### Extracted records
▽

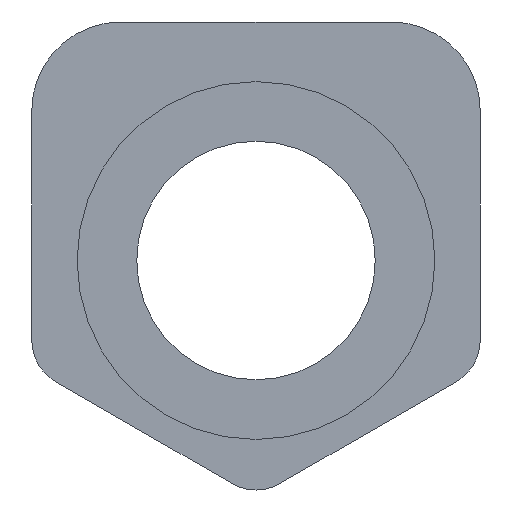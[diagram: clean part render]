
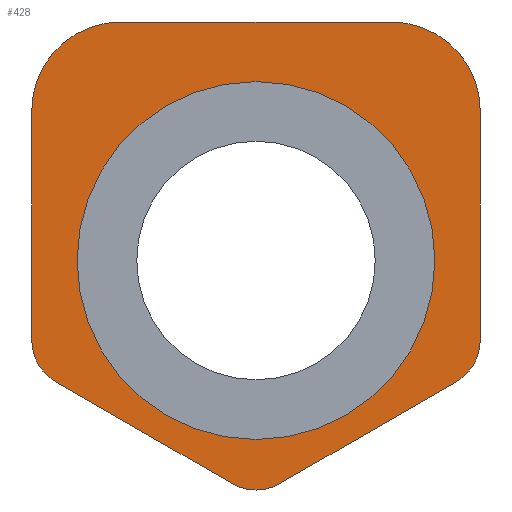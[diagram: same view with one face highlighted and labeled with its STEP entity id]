
A CAD part, front view. The second image highlights one B-rep face of the part: STEP entity #428.
In plain terms, the highlighted planar face has unit normal (0, -1, 0).
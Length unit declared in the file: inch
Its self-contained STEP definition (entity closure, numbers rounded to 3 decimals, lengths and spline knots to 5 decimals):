
#13 = VERTEX_POINT ( 'NONE', #176 ) ;
#14 = CARTESIAN_POINT ( 'NONE',  ( -0.21, 0., -0.12698 ) ) ;
#18 = CARTESIAN_POINT ( 'NONE',  ( -0.21, 0., -0.12698 ) ) ;
#28 = CARTESIAN_POINT ( 'NONE',  ( 0.235, 0., -0.08368 ) ) ;
#36 = ORIENTED_EDGE ( 'NONE', *, *, #179, .T. ) ;
#42 = VERTEX_POINT ( 'NONE', #413 ) ;
#53 = ORIENTED_EDGE ( 'NONE', *, *, #351, .F. ) ;
#55 = CARTESIAN_POINT ( 'NONE',  ( -0.025, 0., -0.23379 ) ) ;
#60 = CARTESIAN_POINT ( 'NONE',  ( -0.142, 0., 0.25 ) ) ;
#68 = AXIS2_PLACEMENT_3D ( 'NONE', #391, #488, #222 ) ;
#78 = VERTEX_POINT ( 'NONE', #350 ) ;
#83 = EDGE_CURVE ( 'NONE', #42, #318, #454, .T. ) ;
#89 = CARTESIAN_POINT ( 'NONE',  ( 0.025, 0., -0.23379 ) ) ;
#90 = EDGE_CURVE ( 'NONE', #451, #119, #204, .T. ) ;
#95 = CARTESIAN_POINT ( 'NONE',  ( -0.235, 0., 0.11554 ) ) ;
#104 = DIRECTION ( 'NONE',  ( 0., 1., 0. ) ) ;
#112 = DIRECTION ( 'NONE',  ( 0., -1., 0. ) ) ;
#114 = EDGE_CURVE ( 'NONE', #302, #406, #513, .T. ) ;
#118 = DIRECTION ( 'NONE',  ( 0., 0., -1. ) ) ;
#119 = VERTEX_POINT ( 'NONE', #129 ) ;
#120 = CARTESIAN_POINT ( 'NONE',  ( 0., 0., -0.1875 ) ) ;
#122 = ORIENTED_EDGE ( 'NONE', *, *, #671, .T. ) ;
#129 = CARTESIAN_POINT ( 'NONE',  ( 0., 0., 0.1875 ) ) ;
#154 = VERTEX_POINT ( 'NONE', #28 ) ;
#155 = DIRECTION ( 'NONE',  ( 0., 0., -1. ) ) ;
#160 = EDGE_CURVE ( 'NONE', #154, #13, #558, .T. ) ;
#165 = CARTESIAN_POINT ( 'NONE',  ( 0.025, 0., -0.23379 ) ) ;
#172 = DIRECTION ( 'NONE',  ( 0.866, 0., -0.5 ) ) ;
#176 = CARTESIAN_POINT ( 'NONE',  ( 0.235, 0., 0.157 ) ) ;
#177 = DIRECTION ( 'NONE',  ( 0., 1., 0. ) ) ;
#179 = EDGE_CURVE ( 'NONE', #318, #78, #577, .T. ) ;
#199 = VERTEX_POINT ( 'NONE', #55 ) ;
#203 = CARTESIAN_POINT ( 'NONE',  ( 0., 0., 0. ) ) ;
#204 = CIRCLE ( 'NONE', #656, 0.1875 ) ;
#210 = DIRECTION ( 'NONE',  ( 0., 0., 1. ) ) ;
#217 = CARTESIAN_POINT ( 'NONE',  ( 0.235, 0., 0.11554 ) ) ;
#222 = DIRECTION ( 'NONE',  ( 0., 0., 1. ) ) ;
#230 = CARTESIAN_POINT ( 'NONE',  ( -0.04771, 0., 0.11554 ) ) ;
#267 = DIRECTION ( 'NONE',  ( 0., 0., 1. ) ) ;
#271 = DIRECTION ( 'NONE',  ( 0., -1., 0. ) ) ;
#274 = CARTESIAN_POINT ( 'NONE',  ( -0.235, 0., -0.08368 ) ) ;
#278 = AXIS2_PLACEMENT_3D ( 'NONE', #573, #310, #210 ) ;
#285 = DIRECTION ( 'NONE',  ( 0., 0., 1. ) ) ;
#292 = DIRECTION ( 'NONE',  ( 0., 1., 0. ) ) ;
#302 = VERTEX_POINT ( 'NONE', #165 ) ;
#307 = DIRECTION ( 'NONE',  ( 0., 1., 0. ) ) ;
#310 = DIRECTION ( 'NONE',  ( 0., -1., 0. ) ) ;
#317 = AXIS2_PLACEMENT_3D ( 'NONE', #375, #271, #419 ) ;
#318 = VERTEX_POINT ( 'NONE', #60 ) ;
#330 = CIRCLE ( 'NONE', #504, 0.1875 ) ;
#334 = FACE_OUTER_BOUND ( 'NONE', #552, .T. ) ;
#337 = EDGE_CURVE ( 'NONE', #13, #42, #425, .T. ) ;
#350 = CARTESIAN_POINT ( 'NONE',  ( -0.235, 0., 0.157 ) ) ;
#351 = EDGE_CURVE ( 'NONE', #154, #406, #514, .T. ) ;
#354 = AXIS2_PLACEMENT_3D ( 'NONE', #230, #112, #118 ) ;
#363 = CARTESIAN_POINT ( 'NONE',  ( -0.04771, 0., 0.25 ) ) ;
#365 = ORIENTED_EDGE ( 'NONE', *, *, #160, .T. ) ;
#368 = EDGE_CURVE ( 'NONE', #399, #199, #446, .T. ) ;
#375 = CARTESIAN_POINT ( 'NONE',  ( 0.142, 0., 0.157 ) ) ;
#377 = CIRCLE ( 'NONE', #459, 0.05 ) ;
#385 = VECTOR ( 'NONE', #172, 39.37008 ) ;
#388 = CARTESIAN_POINT ( 'NONE',  ( 0.21, 0., -0.12698 ) ) ;
#391 = CARTESIAN_POINT ( 'NONE',  ( 0., 0., -0.19049 ) ) ;
#395 = DIRECTION ( 'NONE',  ( 0., 0., 1. ) ) ;
#399 = VERTEX_POINT ( 'NONE', #18 ) ;
#406 = VERTEX_POINT ( 'NONE', #388 ) ;
#407 = EDGE_CURVE ( 'NONE', #119, #451, #330, .T. ) ;
#409 = ORIENTED_EDGE ( 'NONE', *, *, #337, .T. ) ;
#413 = CARTESIAN_POINT ( 'NONE',  ( 0.142, 0., 0.25 ) ) ;
#414 = CARTESIAN_POINT ( 'NONE',  ( 0.185, 0., -0.08368 ) ) ;
#419 = DIRECTION ( 'NONE',  ( 0., 0., 1. ) ) ;
#422 = ORIENTED_EDGE ( 'NONE', *, *, #509, .F. ) ;
#425 = CIRCLE ( 'NONE', #317, 0.093 ) ;
#428 = ADVANCED_FACE ( 'NONE', ( #596, #334 ), #590, .T. ) ;
#444 = VERTEX_POINT ( 'NONE', #274 ) ;
#445 = EDGE_CURVE ( 'NONE', #302, #199, #666, .T. ) ;
#446 = LINE ( 'NONE', #14, #385 ) ;
#451 = VERTEX_POINT ( 'NONE', #120 ) ;
#454 = LINE ( 'NONE', #363, #677 ) ;
#459 = AXIS2_PLACEMENT_3D ( 'NONE', #668, #307, #395 ) ;
#465 = ORIENTED_EDGE ( 'NONE', *, *, #407, .T. ) ;
#482 = ORIENTED_EDGE ( 'NONE', *, *, #114, .T. ) ;
#488 = DIRECTION ( 'NONE',  ( 0., 1., 0. ) ) ;
#498 = ORIENTED_EDGE ( 'NONE', *, *, #83, .T. ) ;
#503 = ORIENTED_EDGE ( 'NONE', *, *, #445, .F. ) ;
#504 = AXIS2_PLACEMENT_3D ( 'NONE', #602, #177, #285 ) ;
#507 = EDGE_LOOP ( 'NONE', ( #465, #616 ) ) ;
#509 = EDGE_CURVE ( 'NONE', #399, #444, #377, .T. ) ;
#513 = LINE ( 'NONE', #89, #591 ) ;
#514 = CIRCLE ( 'NONE', #647, 0.05 ) ;
#517 = DIRECTION ( 'NONE',  ( 0.866, 0., 0.5 ) ) ;
#535 = VECTOR ( 'NONE', #267, 39.37008 ) ;
#546 = VECTOR ( 'NONE', #155, 39.37008 ) ;
#550 = ORIENTED_EDGE ( 'NONE', *, *, #368, .T. ) ;
#552 = EDGE_LOOP ( 'NONE', ( #550, #503, #482, #53, #365, #409, #498, #36, #122, #422 ) ) ;
#558 = LINE ( 'NONE', #217, #535 ) ;
#568 = DIRECTION ( 'NONE',  ( 0., 0., 1. ) ) ;
#573 = CARTESIAN_POINT ( 'NONE',  ( -0.142, 0., 0.157 ) ) ;
#577 = CIRCLE ( 'NONE', #278, 0.093 ) ;
#590 = PLANE ( 'NONE',  #354 ) ;
#591 = VECTOR ( 'NONE', #517, 39.37008 ) ;
#596 = FACE_BOUND ( 'NONE', #507, .T. ) ;
#602 = CARTESIAN_POINT ( 'NONE',  ( 0., 0., 0. ) ) ;
#606 = DIRECTION ( 'NONE',  ( -1., 0., 0. ) ) ;
#616 = ORIENTED_EDGE ( 'NONE', *, *, #90, .T. ) ;
#624 = LINE ( 'NONE', #95, #546 ) ;
#643 = DIRECTION ( 'NONE',  ( 0., 0., 1. ) ) ;
#647 = AXIS2_PLACEMENT_3D ( 'NONE', #414, #104, #643 ) ;
#656 = AXIS2_PLACEMENT_3D ( 'NONE', #203, #292, #568 ) ;
#666 = CIRCLE ( 'NONE', #68, 0.05 ) ;
#668 = CARTESIAN_POINT ( 'NONE',  ( -0.185, 0., -0.08368 ) ) ;
#671 = EDGE_CURVE ( 'NONE', #78, #444, #624, .T. ) ;
#677 = VECTOR ( 'NONE', #606, 39.37008 ) ;

△

### What the exercise asks
Word for word, restate the lines running from the one containing "#647 = AXIS2_PLACEMENT_3D" through the final line of the records above, and nothing besides.

### Task output
#647 = AXIS2_PLACEMENT_3D ( 'NONE', #414, #104, #643 ) ;
#656 = AXIS2_PLACEMENT_3D ( 'NONE', #203, #292, #568 ) ;
#666 = CIRCLE ( 'NONE', #68, 0.05 ) ;
#668 = CARTESIAN_POINT ( 'NONE',  ( -0.185, 0., -0.08368 ) ) ;
#671 = EDGE_CURVE ( 'NONE', #78, #444, #624, .T. ) ;
#677 = VECTOR ( 'NONE', #606, 39.37008 ) ;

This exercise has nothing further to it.